Пришвин обращается к такому качеству жизни, где смерти нет («один умирает, другой рождается; так юноша живет как частица бессмертной жизни, и вдруг его укололо, и он разорвался с чувством бессмертия жизни, и тут возникло „Я — смертен“ и после переделалось: „все смертно — я бессмертен“»). Встает вопрос о дискретности и непрерывности мира. Жизнь непрерывна, ее суть не время, а длительность — трансформация идей Бергсона в осмыслении культурной и исторической ситуации в России очевидна. Смерть существует с точки зрения сознания, а с точки зрения самого жизненного процесса смерти не существует («Мать, заготовляющая сундук для приданого дочери, — бессмертна, а сын, сказавший „я — есмь!“, смертен»). Эта непрерывность возможна в природе и в душе человека. Природу Пришвин осмысляет теперь как Божий мир и обнаруживает в природе процесс, также осуществляющий борьбу за бессмертие, совпадающий с культурным («опушки старых лесов покрыты, как щеткою, молодою порослью: старые передали молодым дело борьбы за жизнь, и молодые так живут, будто они родились совершенно бессмертными»). Это соединение происходит в сознании личности («Идея бессмертия — это личное сознание мировой борьбы за существование, это сознание личности»).

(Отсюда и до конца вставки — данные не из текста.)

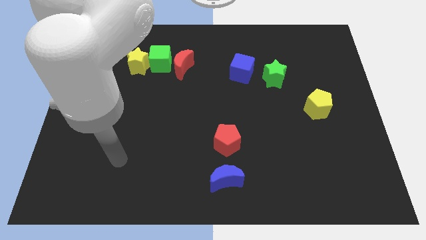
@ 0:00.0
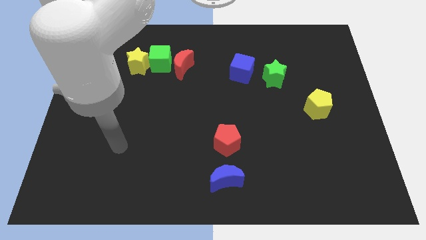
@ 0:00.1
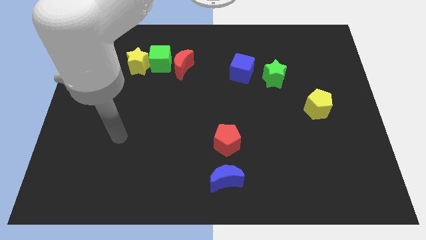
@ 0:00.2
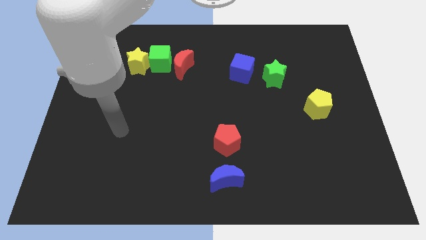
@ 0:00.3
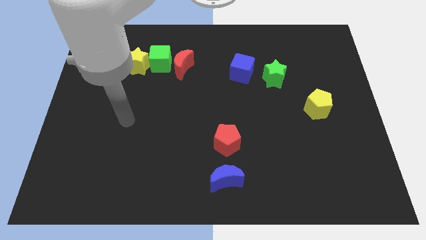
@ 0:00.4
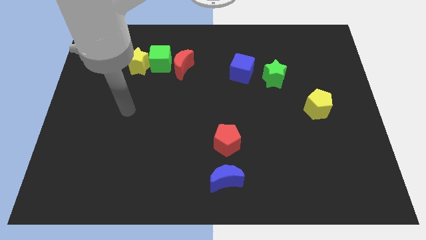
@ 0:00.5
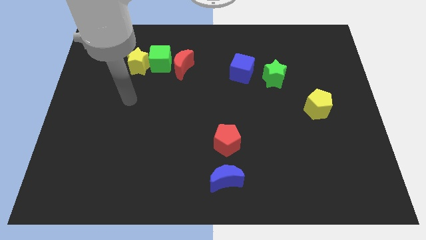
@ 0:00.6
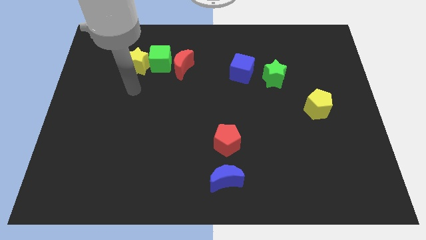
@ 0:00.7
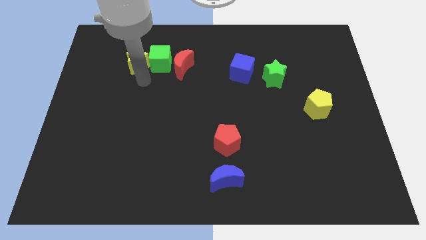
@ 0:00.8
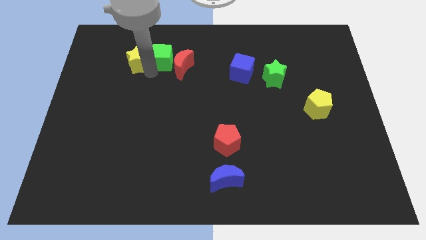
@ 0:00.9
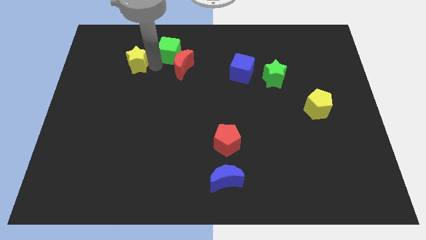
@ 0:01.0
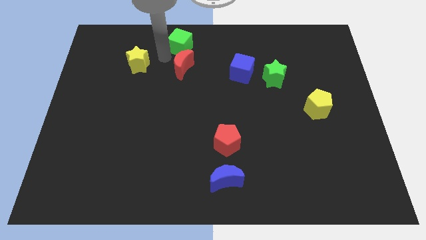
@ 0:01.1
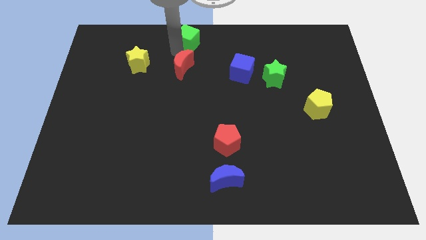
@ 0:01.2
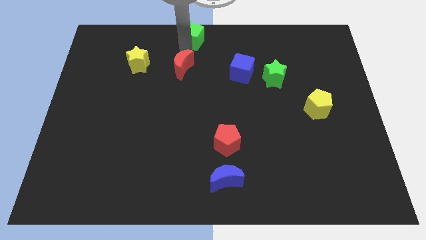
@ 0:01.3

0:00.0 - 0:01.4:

На новой глубине сознания писатель ищет такое равновесие между природой и культурой, в котором природная составляющая будет реабилитирована — в этой точке и произошел «бунт обезьяны». Речь идет не о смене мировоззрения, а об изменении всей картины мира и поведения человека в нем. Пришвин осознал, что природа, которая внутри человека, — это не та природа, которая вокруг нас, что нельзя нагружать ее грехами человеческими. Теперь он увидел природу в родстве и саму по себе, природа становится для него равным партнером, а отношения человека с природой — более бескорыстными, из них уходит борьба и «взять от нее…». «Никогда не был так близок к природе» в этом контексте означает скорее, что так он ее никогда не видел — без человека («Как хорошо уехать из города и не видеть, и не слышать человечишка», «И так он противен, человечишка», «Чистик прекрасен тем, что недоступен вторжению человеческих хищников»).

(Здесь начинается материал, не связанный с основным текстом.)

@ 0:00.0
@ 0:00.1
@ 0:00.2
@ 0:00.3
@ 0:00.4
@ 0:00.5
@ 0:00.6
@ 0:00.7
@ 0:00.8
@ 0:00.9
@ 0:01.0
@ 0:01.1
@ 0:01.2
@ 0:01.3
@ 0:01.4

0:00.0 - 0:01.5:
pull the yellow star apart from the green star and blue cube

Хотя ситуация в России в значительной степени осложняется тем, что кризис гуманизма разрешился здесь в крайней форме революции, которая безжалостно смела культуру в целом, Пришвин полагает, что смысл культурной истории искажается не только гибелью культуры, которую в начале века все предчувствовали, и даже не столько формой этой гибели, сколько идеологией, ложью революции («Если бы говорить правду, то гибель назвать гибелью, распад распадом, то этот путь бы привел к Богу»). Однако происходит противоположное: «правда становится виноватой» («Почему вы молчите, когда слышите, что лгут и ложью вызывают на кровь, и затыкаете себе уши и вовсе уходите прочь со сборища, или правда может быть виноватою? Виноватая правда»).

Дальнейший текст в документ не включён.